Work order
The entries below are to be transcribed in full, without their images.

──────── Exercise input

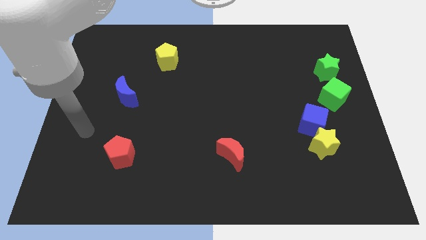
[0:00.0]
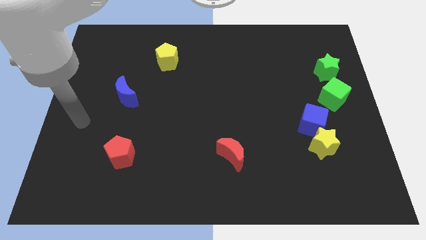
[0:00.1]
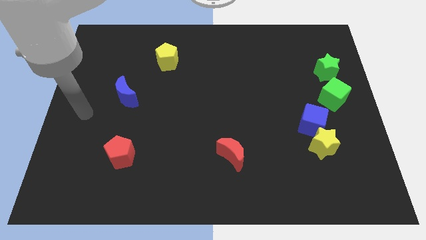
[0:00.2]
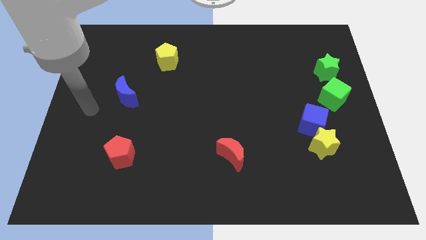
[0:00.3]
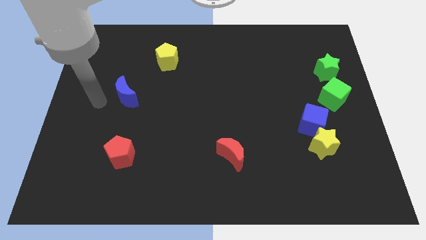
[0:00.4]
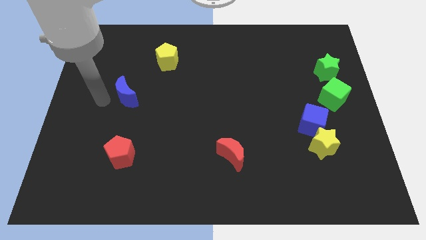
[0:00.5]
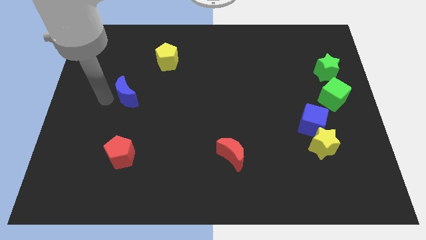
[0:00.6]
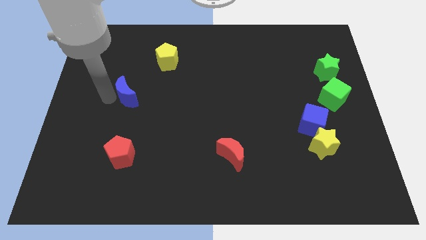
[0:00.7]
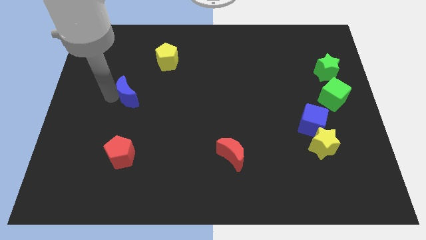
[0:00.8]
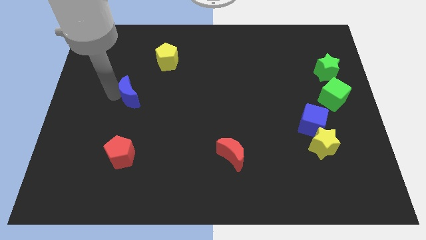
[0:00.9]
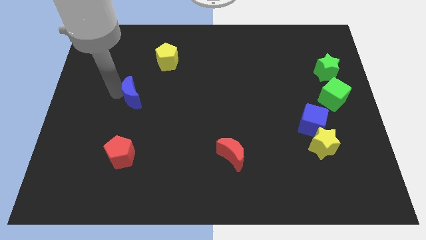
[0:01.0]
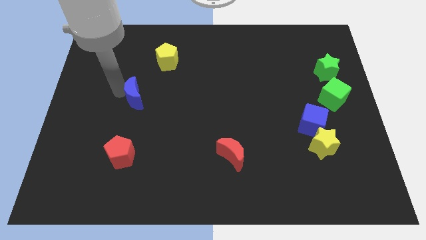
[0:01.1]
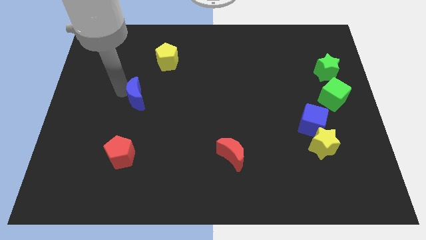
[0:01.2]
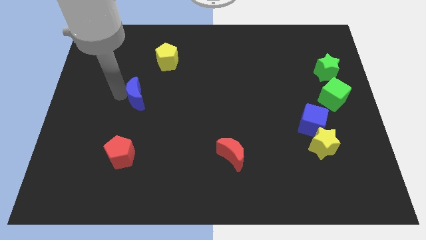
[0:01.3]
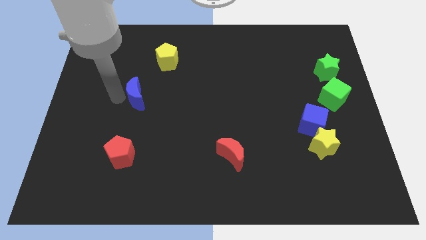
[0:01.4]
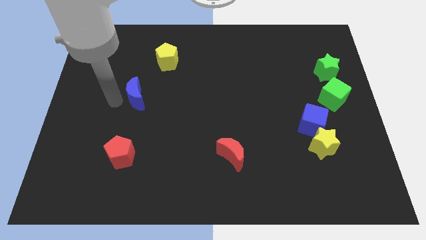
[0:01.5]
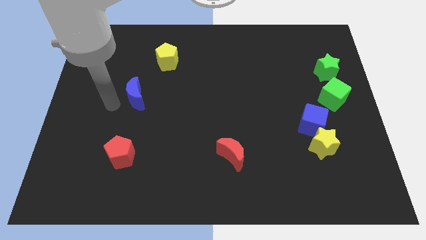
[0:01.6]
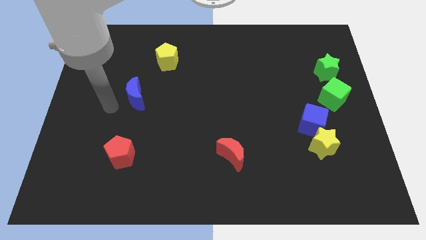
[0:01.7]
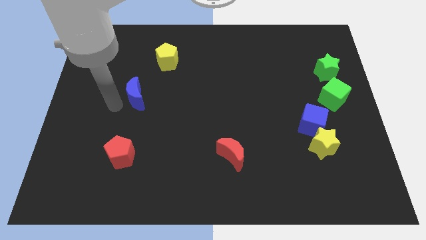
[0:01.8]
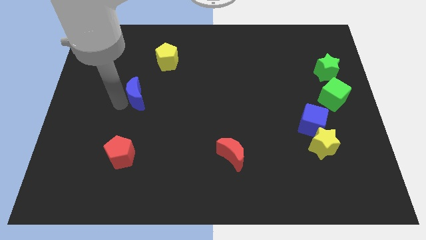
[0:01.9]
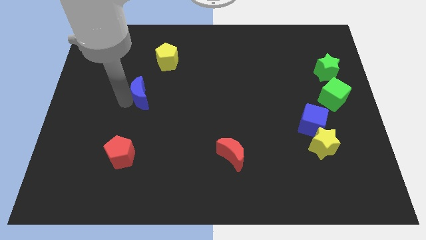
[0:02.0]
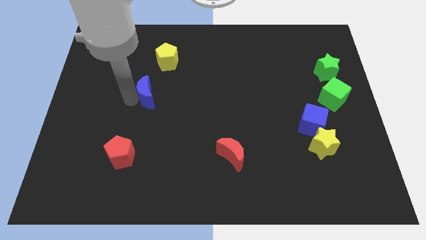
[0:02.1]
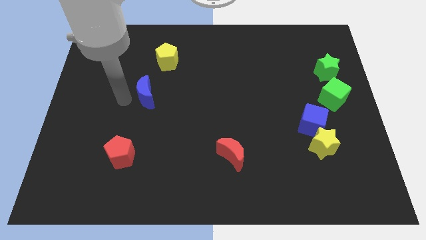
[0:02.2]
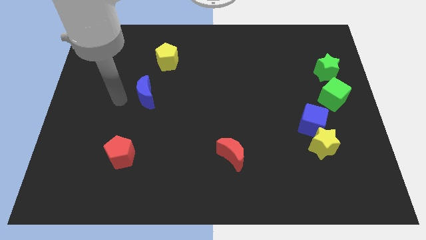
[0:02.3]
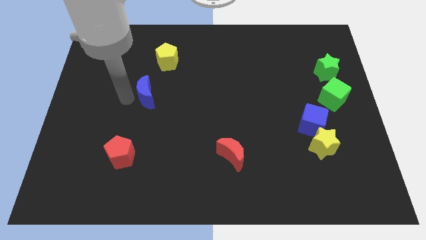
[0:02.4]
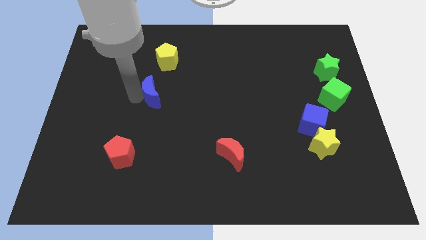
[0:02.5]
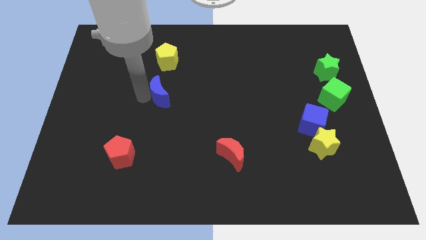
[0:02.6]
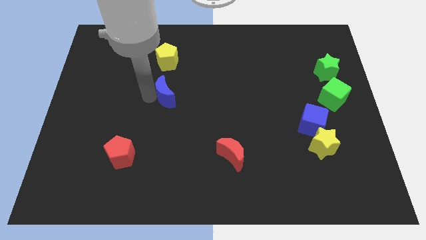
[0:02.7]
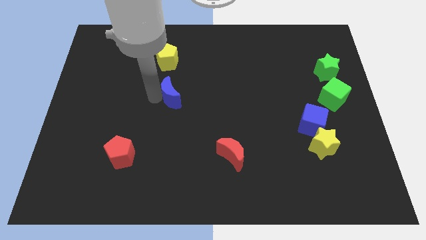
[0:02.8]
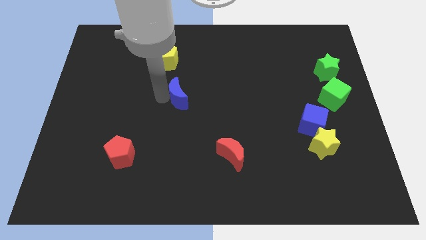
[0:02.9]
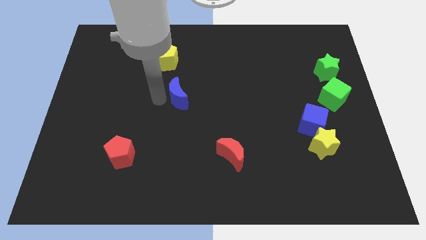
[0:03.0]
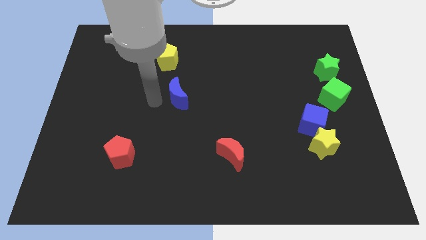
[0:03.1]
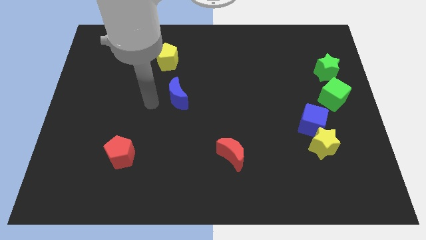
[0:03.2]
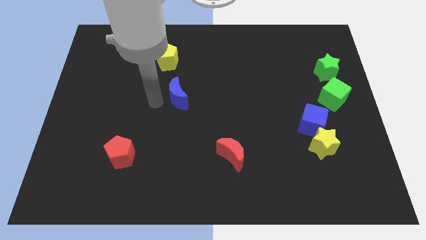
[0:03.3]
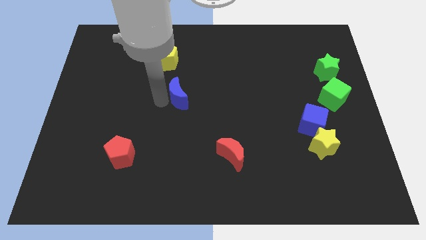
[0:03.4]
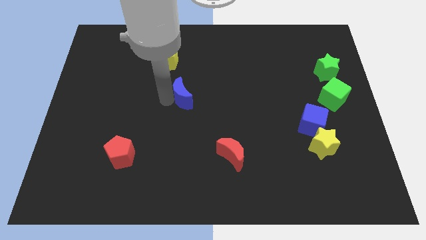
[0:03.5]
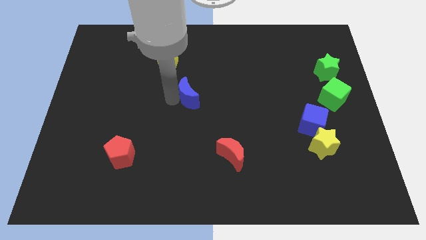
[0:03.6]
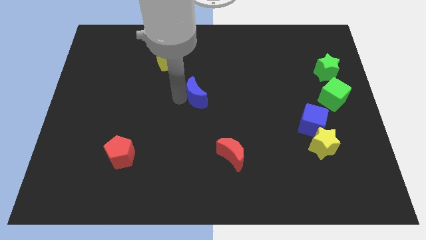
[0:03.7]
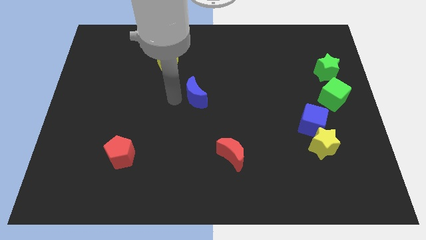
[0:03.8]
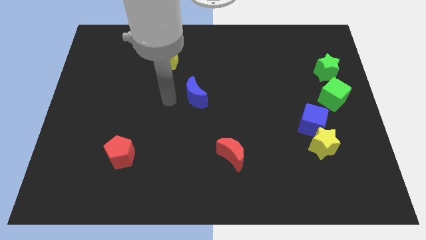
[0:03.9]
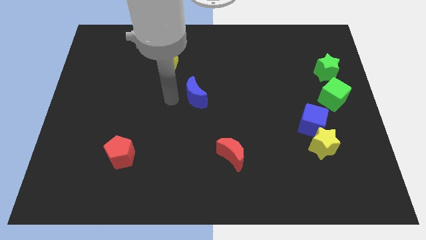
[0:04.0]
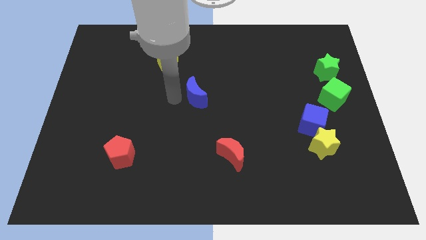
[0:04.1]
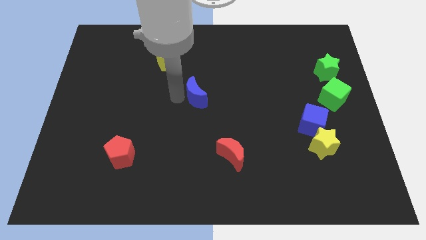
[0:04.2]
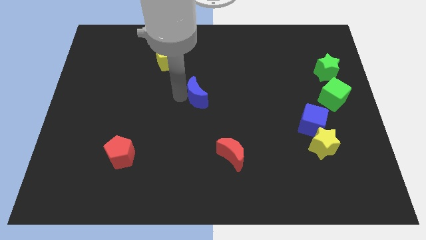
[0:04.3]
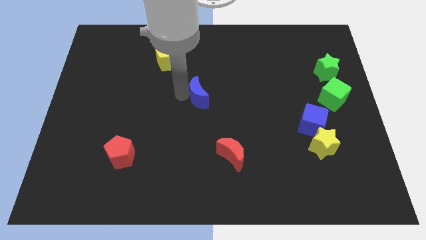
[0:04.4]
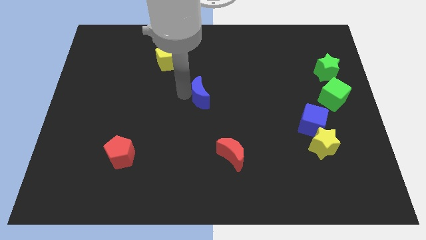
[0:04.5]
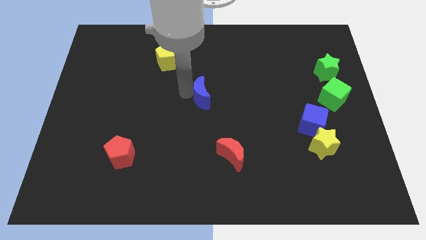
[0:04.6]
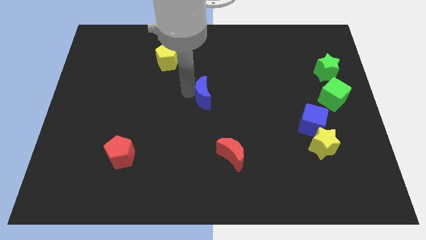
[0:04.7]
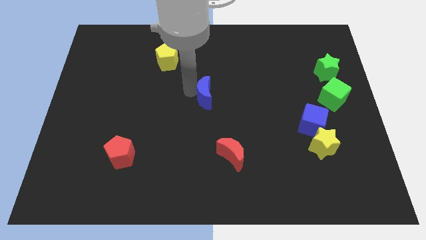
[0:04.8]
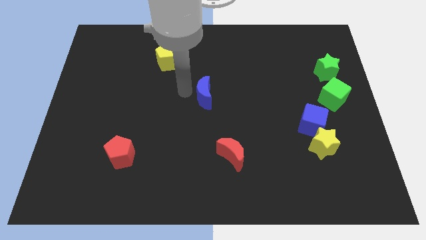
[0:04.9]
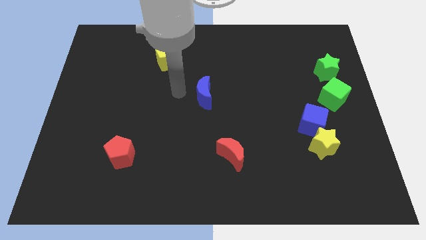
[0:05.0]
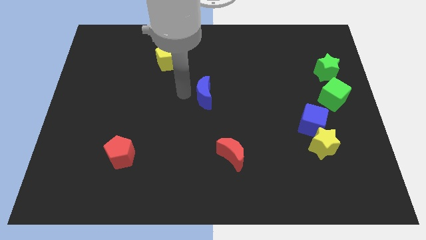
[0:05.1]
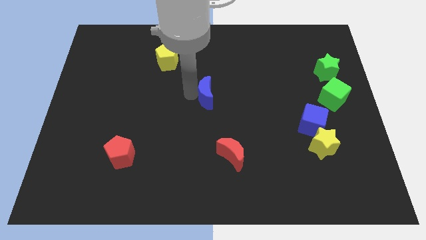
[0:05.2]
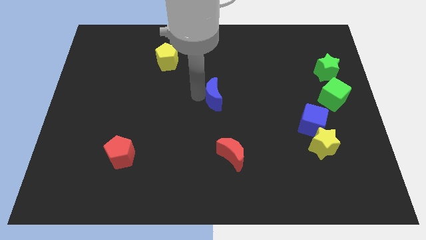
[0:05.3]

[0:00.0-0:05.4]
slide the blue moon to the right

────────────────

Completed task
[0:00.0]
[0:00.1]
[0:00.2]
[0:00.3]
[0:00.4]
[0:00.5]
[0:00.6]
[0:00.7]
[0:00.8]
[0:00.9]
[0:01.0]
[0:01.1]
[0:01.2]
[0:01.3]
[0:01.4]
[0:01.5]
[0:01.6]
[0:01.7]
[0:01.8]
[0:01.9]
[0:02.0]
[0:02.1]
[0:02.2]
[0:02.3]
[0:02.4]
[0:02.5]
[0:02.6]
[0:02.7]
[0:02.8]
[0:02.9]
[0:03.0]
[0:03.1]
[0:03.2]
[0:03.3]
[0:03.4]
[0:03.5]
[0:03.6]
[0:03.7]
[0:03.8]
[0:03.9]
[0:04.0]
[0:04.1]
[0:04.2]
[0:04.3]
[0:04.4]
[0:04.5]
[0:04.6]
[0:04.7]
[0:04.8]
[0:04.9]
[0:05.0]
[0:05.1]
[0:05.2]
[0:05.3]

[0:00.0-0:05.4]
slide the blue moon to the right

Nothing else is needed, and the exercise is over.